Inditex reigns unopposed in fashion

Inditex reigns unopposed in fashion

Neither the eternal rival, H & M, nor the aspiring one, Fast Retailing (Uniqlo), seem one more year in a position to threaten the hegemony of the world leader in textile distribution, Inditex. The group founded by Amancio Ortega closed 2017 with a profit of 3,368 million euros, 7% higher than the previous year, and sales of 25,336 million, 9% higher than in 2016. In addition, he managed the highest net margin among the main players in the sector, 13%.

In the same period, its main competitor, H & M, reduced its profit by 13%, to 1,655 million euros, despite increasing its turnover by 4%, up to 20,449 million.
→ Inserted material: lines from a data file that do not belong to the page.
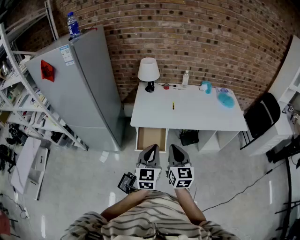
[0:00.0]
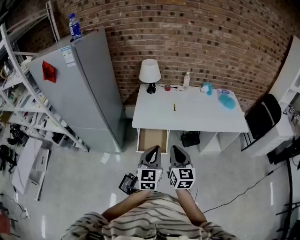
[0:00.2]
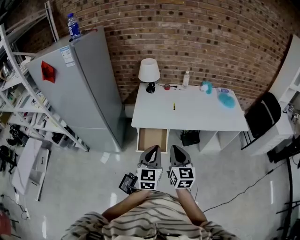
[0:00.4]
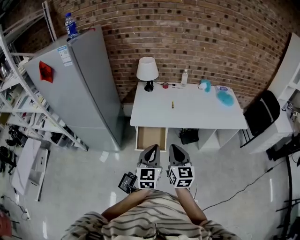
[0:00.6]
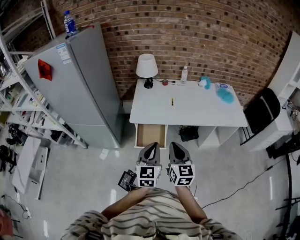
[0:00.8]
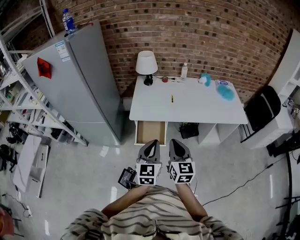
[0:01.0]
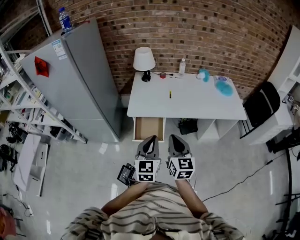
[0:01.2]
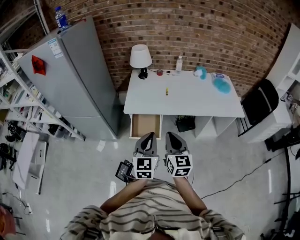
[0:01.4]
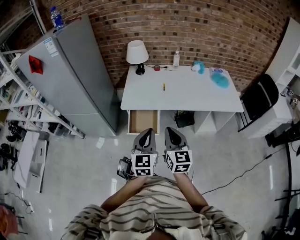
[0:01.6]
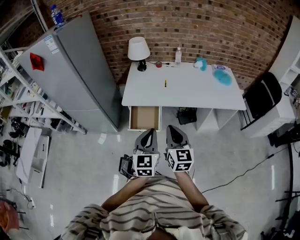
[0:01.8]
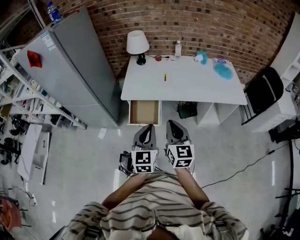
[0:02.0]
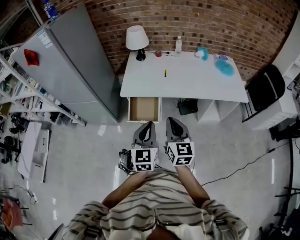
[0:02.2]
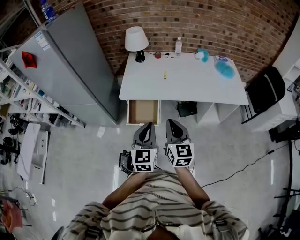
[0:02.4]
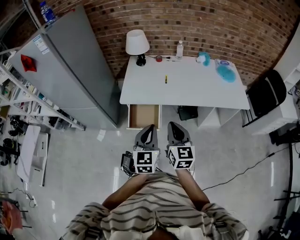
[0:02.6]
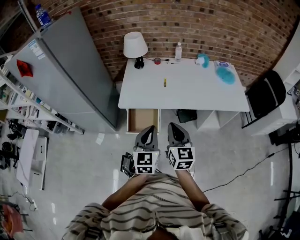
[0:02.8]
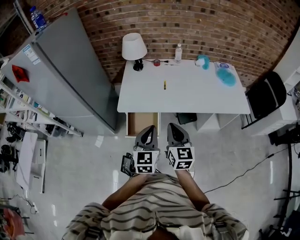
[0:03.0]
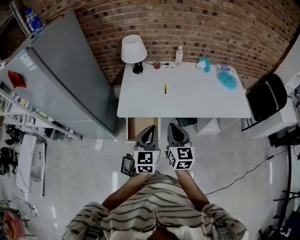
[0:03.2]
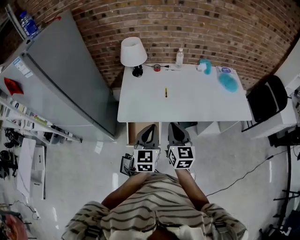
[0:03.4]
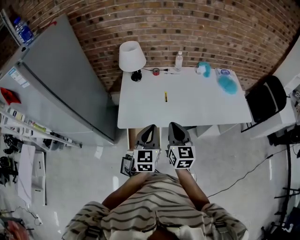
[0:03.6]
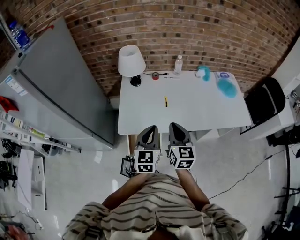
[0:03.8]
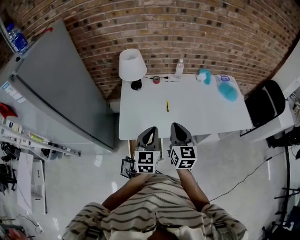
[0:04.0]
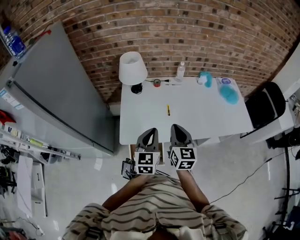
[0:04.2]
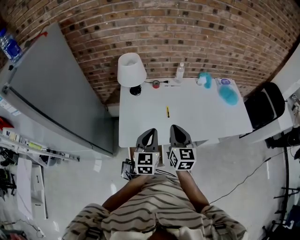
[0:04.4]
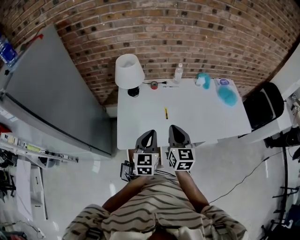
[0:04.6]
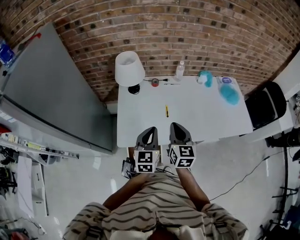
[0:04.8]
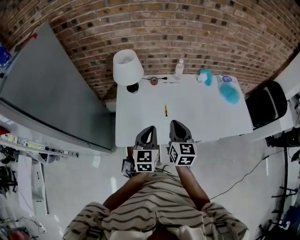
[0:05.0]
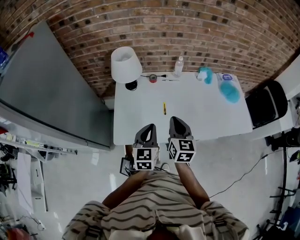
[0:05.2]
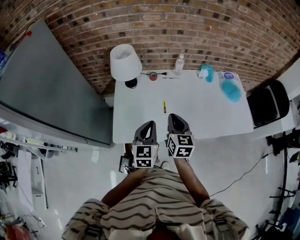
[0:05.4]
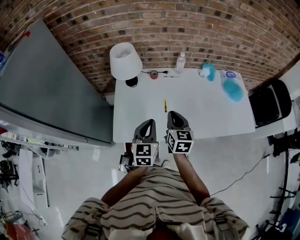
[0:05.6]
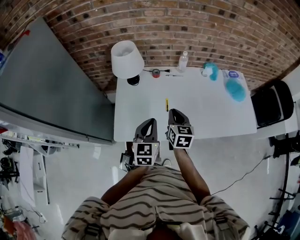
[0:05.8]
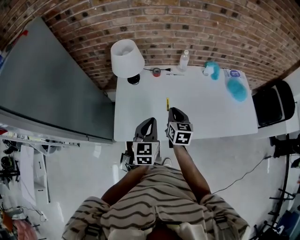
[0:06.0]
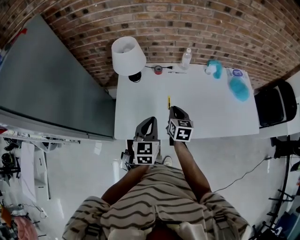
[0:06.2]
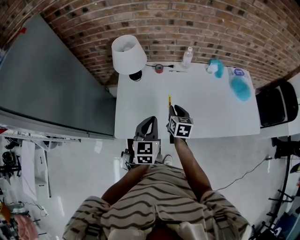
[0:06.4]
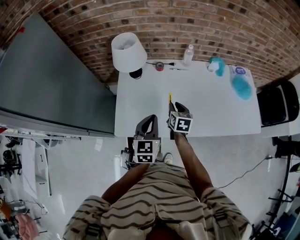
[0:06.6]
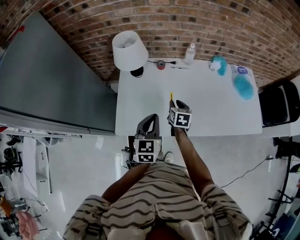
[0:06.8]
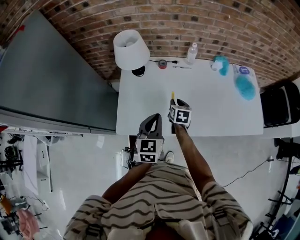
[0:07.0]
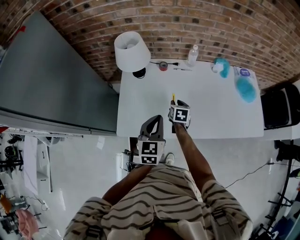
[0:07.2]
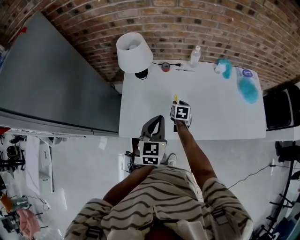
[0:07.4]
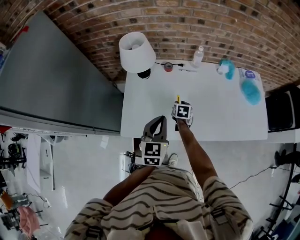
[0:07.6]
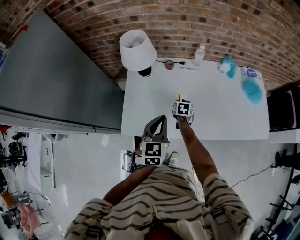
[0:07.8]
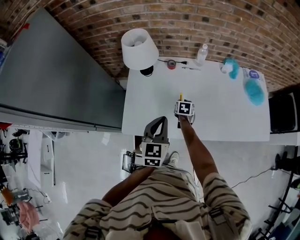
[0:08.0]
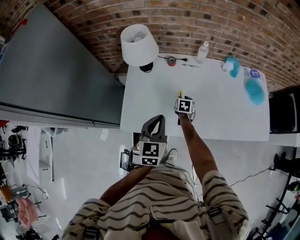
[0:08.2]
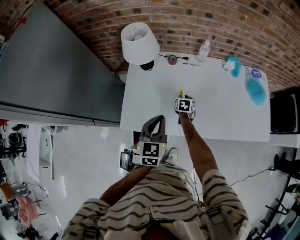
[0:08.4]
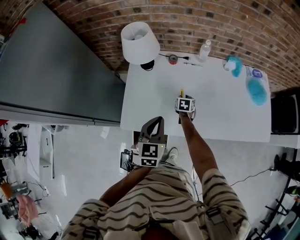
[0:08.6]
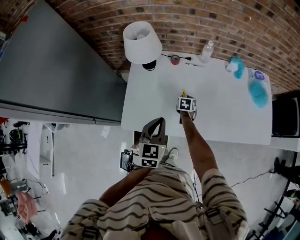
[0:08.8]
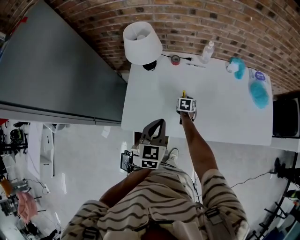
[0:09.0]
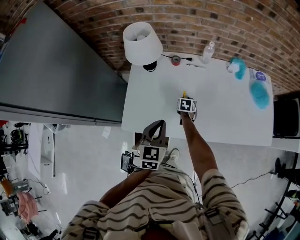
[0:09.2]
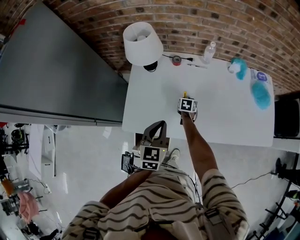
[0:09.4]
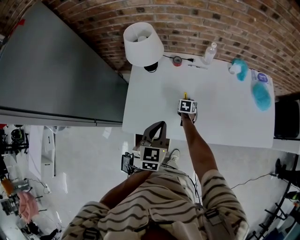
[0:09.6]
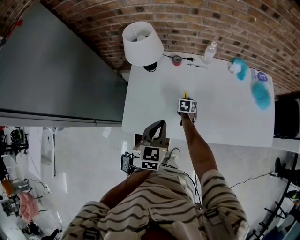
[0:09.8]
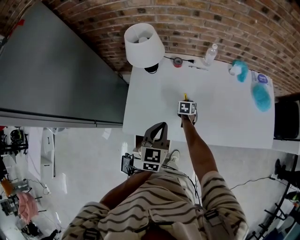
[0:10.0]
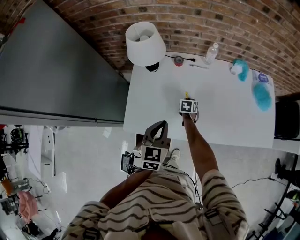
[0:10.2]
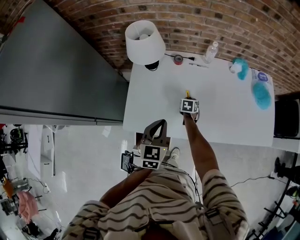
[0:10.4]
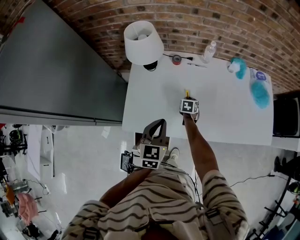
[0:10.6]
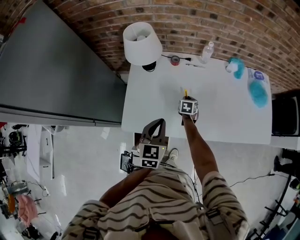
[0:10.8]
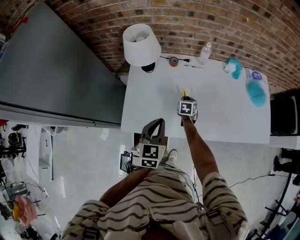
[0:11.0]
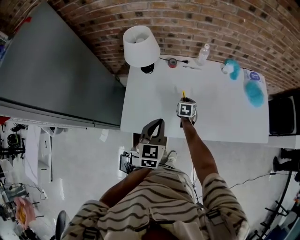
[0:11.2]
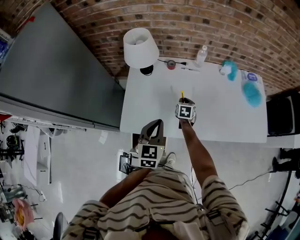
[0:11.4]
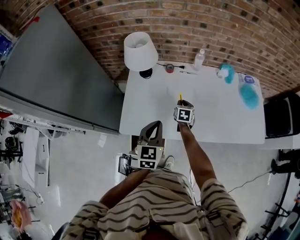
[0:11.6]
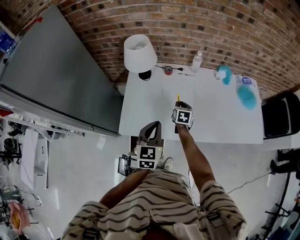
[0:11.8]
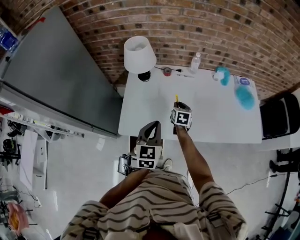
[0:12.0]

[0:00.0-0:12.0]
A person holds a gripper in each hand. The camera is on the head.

Its net margin was 8%. The Swedish chain is having problems adapting to the transformation that is undergoing a sector in which physical stores are no longer everything. Although it ensures that its online channel is "good", it is not going so strong as to compensate for the problems of its establishments, which had a weak performance during the year.

Fast Retailing, whose fiscal year ended on August 31, has been self-proclaimed as aspiring to the world throne of fashion retail. But the Japanese company remains far from its goal despite closing a great exercise. Its profit increased by 29.8% to 1,191 million of euros after its sales made it 14.4%, to 16,391 million euros. Both parameters show a net margin of 7.2%, very far from what was achieved Inditex, which implies that The Spanish company manages its expenses more efficiently and is able to transform a greater percentage of its turnover into profits. A Fast Retailing has a potential margin for significant external improvement. Only 4.2% of its sales were made outside of Japan.

Primark accounted at the end of its fiscal year -including between October 2017 and September 2018- a profit of 8,560 million euros, 6% higher than the previous year. Its profit stood at 965 million, 14.7% higher than the previous year. The Irish chain, which has 45 stores in Spain and has become the main competitor of the Galician group in its country of origin, is also the one that comes closest to it in terms of efficiency, with a net margin of 11 ,two%. However, the group did not close a good year because, if it were not for the increase of its stores in fifteen, its profit, in terms of comparable area, would have fallen by 2.1%.

Although it is far from optimizing its sales, The US GAP has managed in its last fiscal year to reverse the inertia of recent years and increase its profit for the first time since 2014. The group achieved earnings of 694 million euros, 25% higher than the 554 million of the previous year, after several years of a profound restructuring after the failure of its international expansion. He did it by optimizing his sales, which barely grew by 2.2%, to 12,990 million euros. 80% of its turnover came from its country of origin, the United States, while its sales in Asia and Europe worsened.